I never thought I’d be celebrating a dentist. I have a long, sordid history with dentists. From the hygienists I met who felt like they had to excavate in order to do a cleaning, to the doctor who pinched my cheek to make shots more tolerable (and giving me whiplash in the process) I’ve never had good experiences with dentists.
In fact, the last dentist I had had left me so traumatized that I swore I’d never go to another dentist again, that all of my teeth could rot from my head before I’d step foot in another dental office again. I’d had a crown that had come off, and I went in at their first available appointment to have it put back on again.
Apparently it had not been sealed, and I spent about three hours in the chair having bits o’ teeth being picked out of my jaw.
Bits o’ teeth.
I also have a complicated relationship with novacaine, something that, while evident before, became excruciatingly so as I had bits o’ teeth dug from my gums.
Novacaine and I go way back. We have history.
Novacaine is like Lucy with a football. You’re numb. You’re numb. Sure you’re numb. Oh, wait, not really.
Once, it wore off during a root canal a good five minutes before he killed the nerve. I’m pretty sure he had to use that curvy pokey thing to extract me from the ceiling.
Another time, I simply could not get numb. He gave me two shots at a time, spaced out about 15 or so minutes between sets, until I had been given the maximum number. Four? Six? I can’t remember. I couldn’t get numb. I didn’t even get a pre-numb tingle.

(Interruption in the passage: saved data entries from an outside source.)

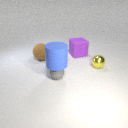
large purple rubber cube behind large brown rubber sphere
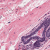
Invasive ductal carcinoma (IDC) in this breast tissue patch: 0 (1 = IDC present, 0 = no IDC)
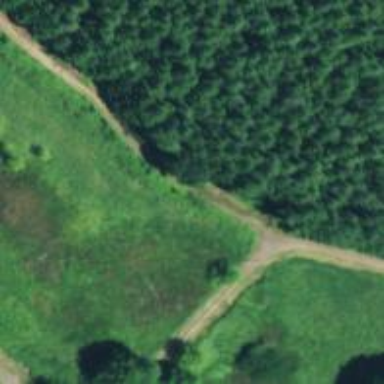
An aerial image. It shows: Track road.

“Nancy,” he said, “we’re going to have to try this another time.”
So he sent me home, where I promptly fell asleep only to awake a couple of hours with an entirely numb face.
So yeah, I had a complicated relationship with novacaine and a very uncomplicated one with dentists. I hated them. After the bits-o’-teeth debacle, I swore I’d never go again.
But then I had an emergency, and someone at work told me about Dr. Jones.